So, I don't know exactly why I feel the need to confess this, but I think there might be other people who feel like I did/do, so I wanted to put it out there.

My cousin had Cystic fibrosis, and passed away from complications following a heart/double lung transplant several years ago. I watched her struggle for her entire life from the breathing difficulties, tiredness and constant illness that pulmonary CF brings.

I am an RN, and I work in NICU. Between my education, and my family experience, I am more than aware of what having a CF child entails.

When it came time to TTC, me and DH discussed it and decided not to pre-screen for our CF genetic status. We did to the first trimester screening (ultrasound and bloodwork), but that doesn't indicate CF status.

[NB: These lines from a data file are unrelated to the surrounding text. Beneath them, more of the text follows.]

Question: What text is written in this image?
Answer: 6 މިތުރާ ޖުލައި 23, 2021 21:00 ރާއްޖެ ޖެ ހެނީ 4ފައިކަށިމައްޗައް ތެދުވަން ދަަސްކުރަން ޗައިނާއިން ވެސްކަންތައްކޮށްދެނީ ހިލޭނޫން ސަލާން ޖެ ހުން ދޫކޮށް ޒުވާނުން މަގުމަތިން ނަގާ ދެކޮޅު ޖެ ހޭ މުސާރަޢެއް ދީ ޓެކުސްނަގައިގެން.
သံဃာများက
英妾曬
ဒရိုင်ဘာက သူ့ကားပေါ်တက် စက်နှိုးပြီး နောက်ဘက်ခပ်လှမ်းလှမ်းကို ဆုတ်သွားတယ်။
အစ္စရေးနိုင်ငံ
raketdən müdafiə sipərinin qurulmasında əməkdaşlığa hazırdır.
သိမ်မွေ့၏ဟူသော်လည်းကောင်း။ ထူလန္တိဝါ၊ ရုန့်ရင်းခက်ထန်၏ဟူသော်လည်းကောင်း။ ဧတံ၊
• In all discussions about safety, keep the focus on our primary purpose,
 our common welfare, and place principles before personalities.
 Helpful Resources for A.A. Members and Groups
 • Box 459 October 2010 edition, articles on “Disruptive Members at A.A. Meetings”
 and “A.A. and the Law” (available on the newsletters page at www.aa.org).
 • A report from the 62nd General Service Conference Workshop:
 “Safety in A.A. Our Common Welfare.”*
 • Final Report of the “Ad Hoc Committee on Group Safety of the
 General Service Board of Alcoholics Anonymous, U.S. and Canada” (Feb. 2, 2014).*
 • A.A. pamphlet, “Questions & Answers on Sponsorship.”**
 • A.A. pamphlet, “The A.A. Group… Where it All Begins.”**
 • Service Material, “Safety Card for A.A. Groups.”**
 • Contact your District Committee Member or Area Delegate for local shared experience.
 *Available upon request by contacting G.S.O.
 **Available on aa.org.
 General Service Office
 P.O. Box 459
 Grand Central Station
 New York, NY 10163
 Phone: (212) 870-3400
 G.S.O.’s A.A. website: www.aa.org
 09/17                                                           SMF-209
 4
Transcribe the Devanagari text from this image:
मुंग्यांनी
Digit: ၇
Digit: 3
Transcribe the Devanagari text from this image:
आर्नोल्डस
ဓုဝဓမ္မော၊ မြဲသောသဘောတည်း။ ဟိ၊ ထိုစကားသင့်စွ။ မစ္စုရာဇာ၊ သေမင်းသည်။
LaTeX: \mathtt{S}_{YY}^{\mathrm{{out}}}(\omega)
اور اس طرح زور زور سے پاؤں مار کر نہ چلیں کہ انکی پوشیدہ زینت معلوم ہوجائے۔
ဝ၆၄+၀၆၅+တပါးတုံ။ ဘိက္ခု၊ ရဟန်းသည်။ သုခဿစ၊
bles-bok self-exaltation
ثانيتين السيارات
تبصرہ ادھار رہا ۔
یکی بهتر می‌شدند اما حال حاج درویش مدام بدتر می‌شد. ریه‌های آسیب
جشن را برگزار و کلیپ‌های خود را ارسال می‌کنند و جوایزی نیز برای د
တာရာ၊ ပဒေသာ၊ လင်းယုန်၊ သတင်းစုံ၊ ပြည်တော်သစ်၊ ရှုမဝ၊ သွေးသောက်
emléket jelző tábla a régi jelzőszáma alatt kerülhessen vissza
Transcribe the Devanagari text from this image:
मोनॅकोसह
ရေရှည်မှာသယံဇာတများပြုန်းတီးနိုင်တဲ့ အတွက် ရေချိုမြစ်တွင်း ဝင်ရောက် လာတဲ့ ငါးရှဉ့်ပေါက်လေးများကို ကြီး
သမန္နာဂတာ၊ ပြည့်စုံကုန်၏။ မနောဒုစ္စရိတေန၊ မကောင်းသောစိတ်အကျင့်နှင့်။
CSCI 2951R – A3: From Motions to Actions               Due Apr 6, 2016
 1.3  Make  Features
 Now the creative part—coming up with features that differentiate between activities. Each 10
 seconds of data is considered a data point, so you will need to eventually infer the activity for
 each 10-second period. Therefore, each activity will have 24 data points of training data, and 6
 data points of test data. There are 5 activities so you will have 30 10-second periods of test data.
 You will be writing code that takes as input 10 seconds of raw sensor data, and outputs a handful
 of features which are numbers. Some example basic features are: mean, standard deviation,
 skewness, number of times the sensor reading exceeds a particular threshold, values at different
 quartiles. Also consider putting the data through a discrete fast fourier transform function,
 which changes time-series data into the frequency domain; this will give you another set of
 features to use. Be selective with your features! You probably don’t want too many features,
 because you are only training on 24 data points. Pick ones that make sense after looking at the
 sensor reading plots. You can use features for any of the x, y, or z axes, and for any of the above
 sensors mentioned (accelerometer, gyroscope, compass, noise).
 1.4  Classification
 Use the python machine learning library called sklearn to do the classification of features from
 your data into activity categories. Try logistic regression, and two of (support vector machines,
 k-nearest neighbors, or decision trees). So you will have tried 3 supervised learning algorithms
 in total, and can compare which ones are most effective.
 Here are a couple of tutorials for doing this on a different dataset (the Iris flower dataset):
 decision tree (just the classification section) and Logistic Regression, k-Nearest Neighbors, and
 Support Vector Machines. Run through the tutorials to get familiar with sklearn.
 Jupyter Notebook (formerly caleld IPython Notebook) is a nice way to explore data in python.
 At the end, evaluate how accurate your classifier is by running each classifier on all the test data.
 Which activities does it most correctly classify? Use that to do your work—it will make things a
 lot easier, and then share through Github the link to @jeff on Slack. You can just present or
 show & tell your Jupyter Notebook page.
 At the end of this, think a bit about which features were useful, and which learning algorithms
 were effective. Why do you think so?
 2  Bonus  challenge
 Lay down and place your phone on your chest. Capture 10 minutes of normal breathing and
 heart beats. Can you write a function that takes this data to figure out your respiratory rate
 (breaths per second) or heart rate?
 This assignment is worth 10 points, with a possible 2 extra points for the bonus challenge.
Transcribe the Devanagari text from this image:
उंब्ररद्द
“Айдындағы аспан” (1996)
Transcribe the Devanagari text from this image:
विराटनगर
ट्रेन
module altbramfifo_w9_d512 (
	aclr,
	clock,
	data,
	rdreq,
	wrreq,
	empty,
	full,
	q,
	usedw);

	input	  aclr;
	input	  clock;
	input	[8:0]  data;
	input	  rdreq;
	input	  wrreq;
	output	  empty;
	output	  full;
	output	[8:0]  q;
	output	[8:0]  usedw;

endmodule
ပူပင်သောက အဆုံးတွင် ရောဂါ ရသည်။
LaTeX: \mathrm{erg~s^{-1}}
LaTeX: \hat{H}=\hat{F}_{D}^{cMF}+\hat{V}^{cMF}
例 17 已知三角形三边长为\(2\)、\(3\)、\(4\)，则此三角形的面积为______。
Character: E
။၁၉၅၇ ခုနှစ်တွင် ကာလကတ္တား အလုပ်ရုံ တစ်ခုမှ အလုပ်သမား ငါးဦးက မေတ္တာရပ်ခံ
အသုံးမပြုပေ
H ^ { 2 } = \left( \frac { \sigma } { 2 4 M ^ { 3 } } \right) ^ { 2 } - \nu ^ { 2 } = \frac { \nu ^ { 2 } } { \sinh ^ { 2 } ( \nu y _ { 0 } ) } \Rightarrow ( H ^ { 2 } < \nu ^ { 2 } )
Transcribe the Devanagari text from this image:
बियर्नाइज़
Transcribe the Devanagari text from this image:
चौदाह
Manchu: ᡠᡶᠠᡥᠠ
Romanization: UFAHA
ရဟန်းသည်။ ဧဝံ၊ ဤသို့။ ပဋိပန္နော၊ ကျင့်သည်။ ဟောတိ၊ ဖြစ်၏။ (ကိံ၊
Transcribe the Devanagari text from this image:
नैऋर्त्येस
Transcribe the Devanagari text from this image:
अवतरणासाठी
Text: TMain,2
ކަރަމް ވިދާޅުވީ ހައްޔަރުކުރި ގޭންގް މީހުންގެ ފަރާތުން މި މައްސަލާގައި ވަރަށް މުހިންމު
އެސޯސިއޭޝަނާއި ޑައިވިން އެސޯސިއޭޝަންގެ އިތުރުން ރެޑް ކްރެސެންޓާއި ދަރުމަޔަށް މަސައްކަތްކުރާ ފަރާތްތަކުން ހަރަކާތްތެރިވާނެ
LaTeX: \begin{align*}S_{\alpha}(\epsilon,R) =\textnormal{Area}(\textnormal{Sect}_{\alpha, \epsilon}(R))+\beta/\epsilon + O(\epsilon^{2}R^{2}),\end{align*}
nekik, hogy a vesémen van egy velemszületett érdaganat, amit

I was a little stressed waiting for the metabolic screen results, which were not indicative of CF once Sawyer was born.

We decided that regardless of how our genes lined up, we would want to try to conceive our baby naturally, and we wouldn't change our family plans. We thought that in our case not knowing was better, because we would love our baby once it was born regardless of wether or not they had CF. We thought that had we found out we were both carriers, it would be extremely stressful on our relationship, and lead to more stress during pregnancy.

I can honestly say that I think we made the best choice.

I hope that this helps someone else who might be making the decision to do genetic screening pre TTC.